Eddie BORDELON, Defendant-Appellant.
Court of Appeal of Louisiana, Third Circuit.
*148 Charles A. Riddle, III, Marksville, for defendant/appellant.
J. Edward Knoll, Marksville, for plaintiff/appellee.
Before GUIDRY and DOUCET, JJ., and MARCANTEL, J. Pro Tem.[*]
BERNARD N. MARCANTEL, Judge Pro Tem.
The issues in this case are whether the trial court erred (1) in denying a pretrial motion to suppress statements made by defendant, Eddie Bordelon; (2) in finding that defendant had knowingly, voluntarily and intelligently waived his Miranda rights; (3) in finding that there was no substantial interruption between the statements made by defendant as to require a readvisement and waiver of Miranda rights; and (4) in failing to allow the defense to offer Louis Decuir, a psychiatric social worker, as an expert in the field of psychiatric social work. This case is before us on remand by *149 the Louisiana Supreme Court from this court's previous denial of defendant's writ application. The Supreme Court granted defendant's writ application and remanded the case to this court for the purpose of briefing and opinion. 591 So.2d 704. (La. 1992) We deny the writ in part and grant same in part and remand.
FACTS
Phillip Bordelon, defendant's father, was shot and killed while hunting on December 31, 1989. Defendant was brought to the Avoyelles Parish Jail at 2:00 A.M. on January 1, 1990, and was interviewed concerning the facts surrounding his father's death. At this time, Detective Richard Bordelon read defendant his Miranda rights in the presence of Detective Clint Lemoine and defendant's uncle, Ray Mayeaux. Additionally, defendant signed a waiver of rights form. Ray Mayeaux was permitted to remain in the room for the entire interview. Defendant was interviewed again at 1:00 P.M. that same day.

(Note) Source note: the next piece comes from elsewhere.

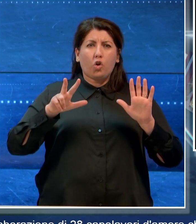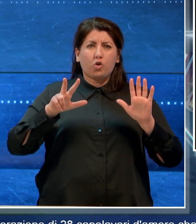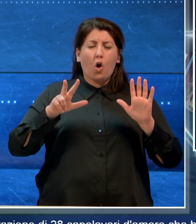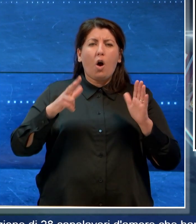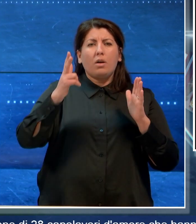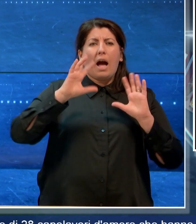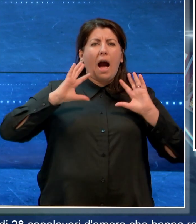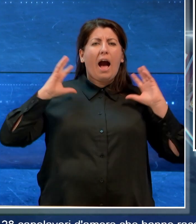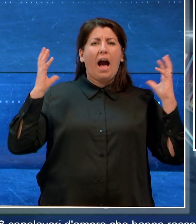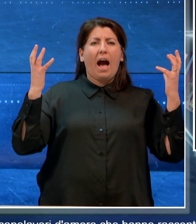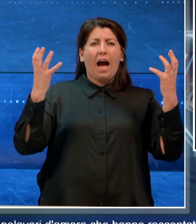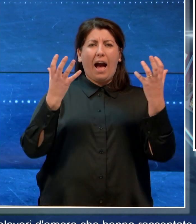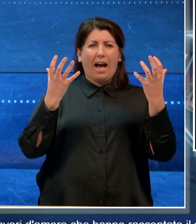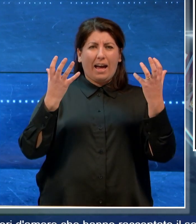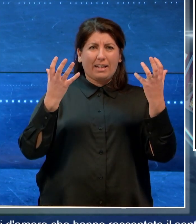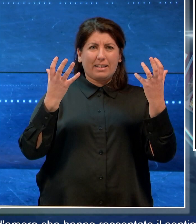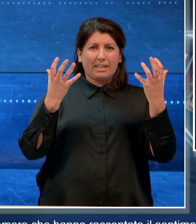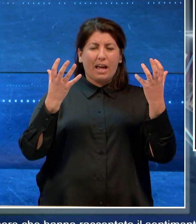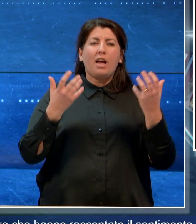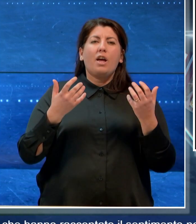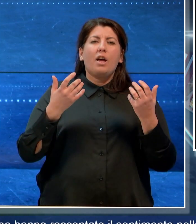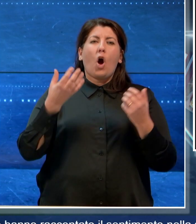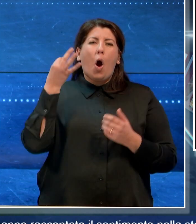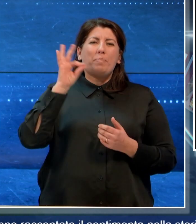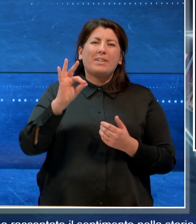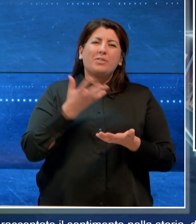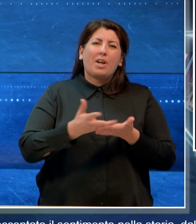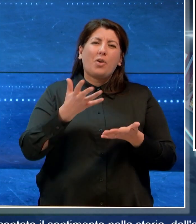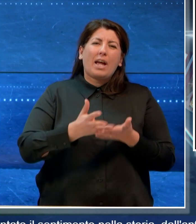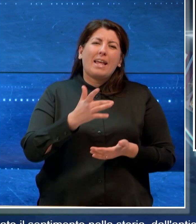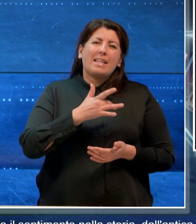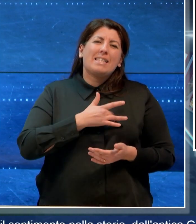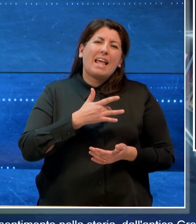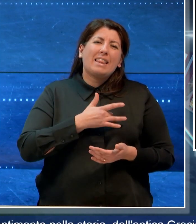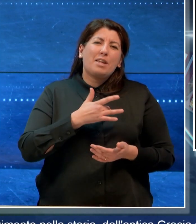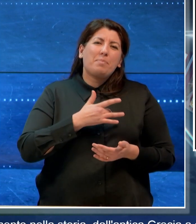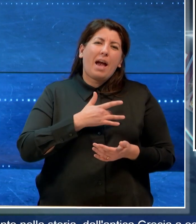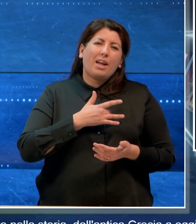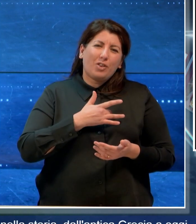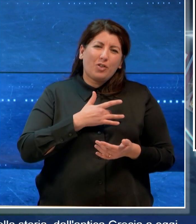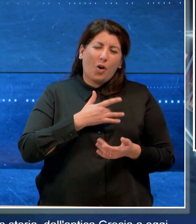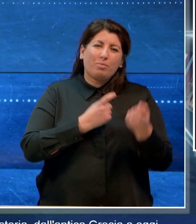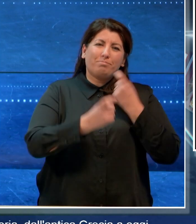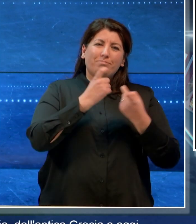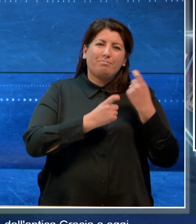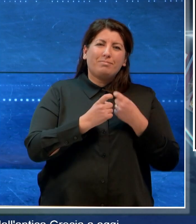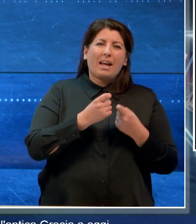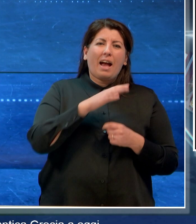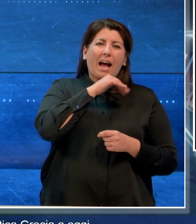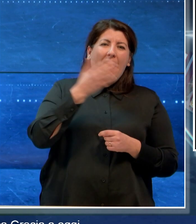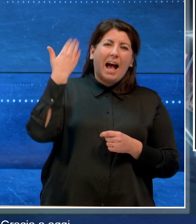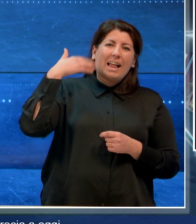'amore che hanno raccontato il sentimento nella storia dall'antica Grecia ad oggi.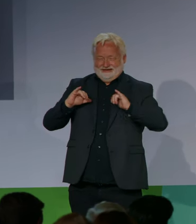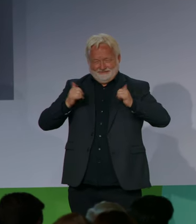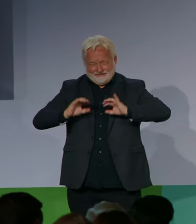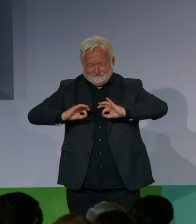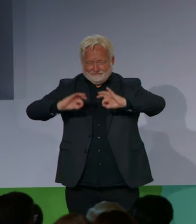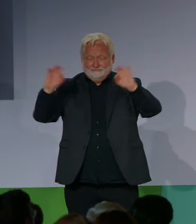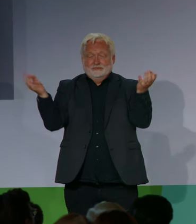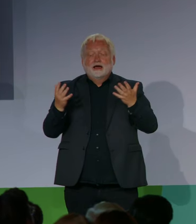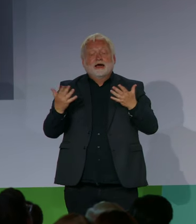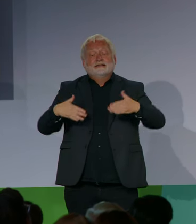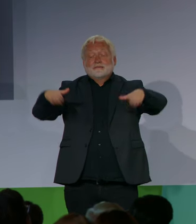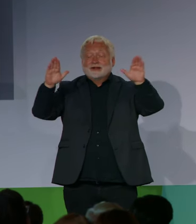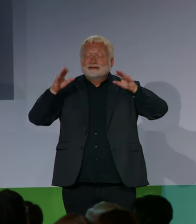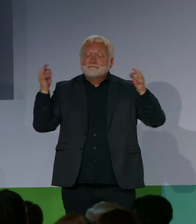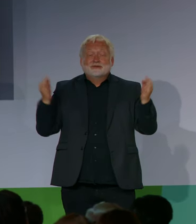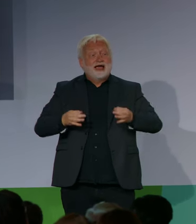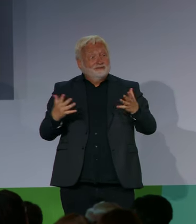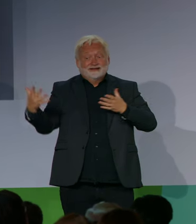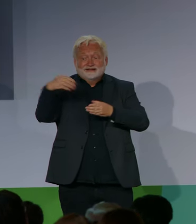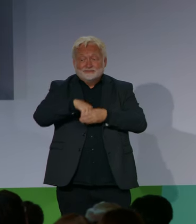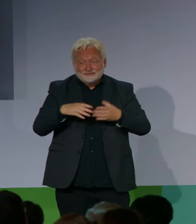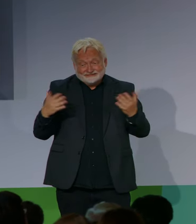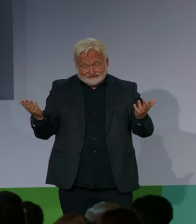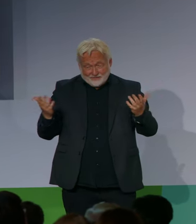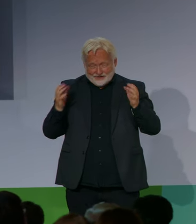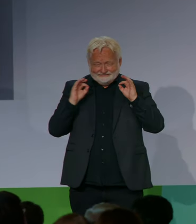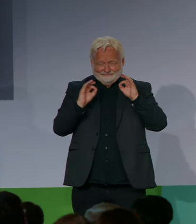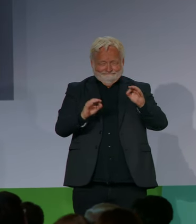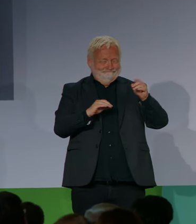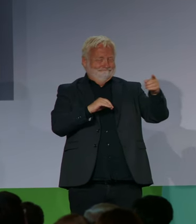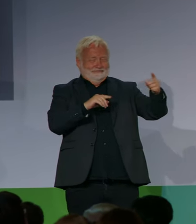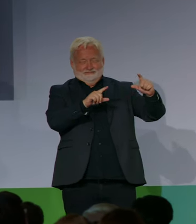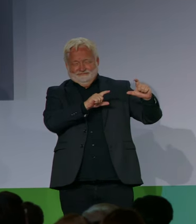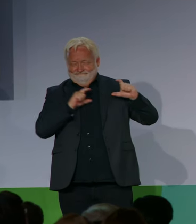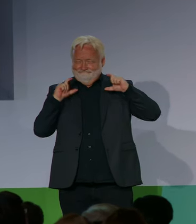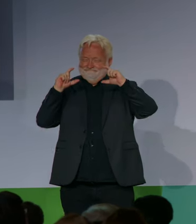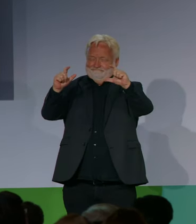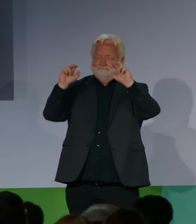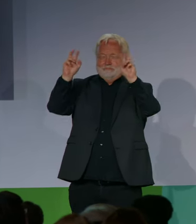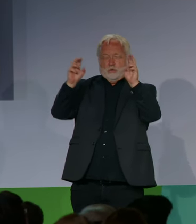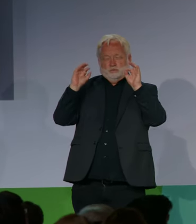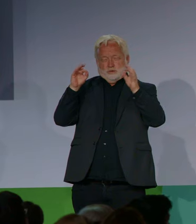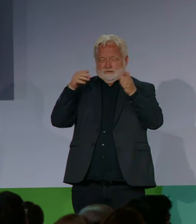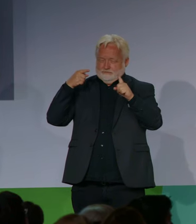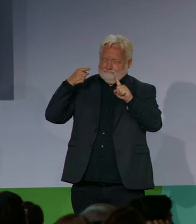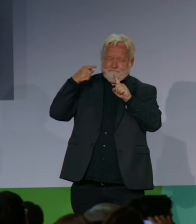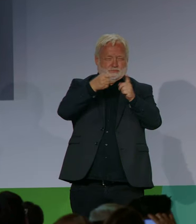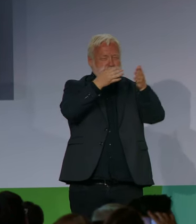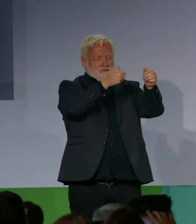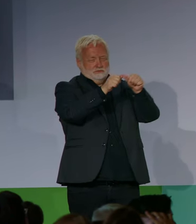sage ich heute vielen Dank für Ihren Dienst für andere. Vielen Dank für Ihren Dienst an unserer Demokratie.

After defendant's statements were taken on January 1, 1990, defendant was seen by a psychiatrist, Dr. Puvadda, and thereafter admitted to Huey P. Long Regional Psychiatric Center with a provisional diagnosis of atypical psychosis versus brief reactive psychosis. On February 28, 1990, the principal diagnosis of defendant's condition was schizophreniform disorder.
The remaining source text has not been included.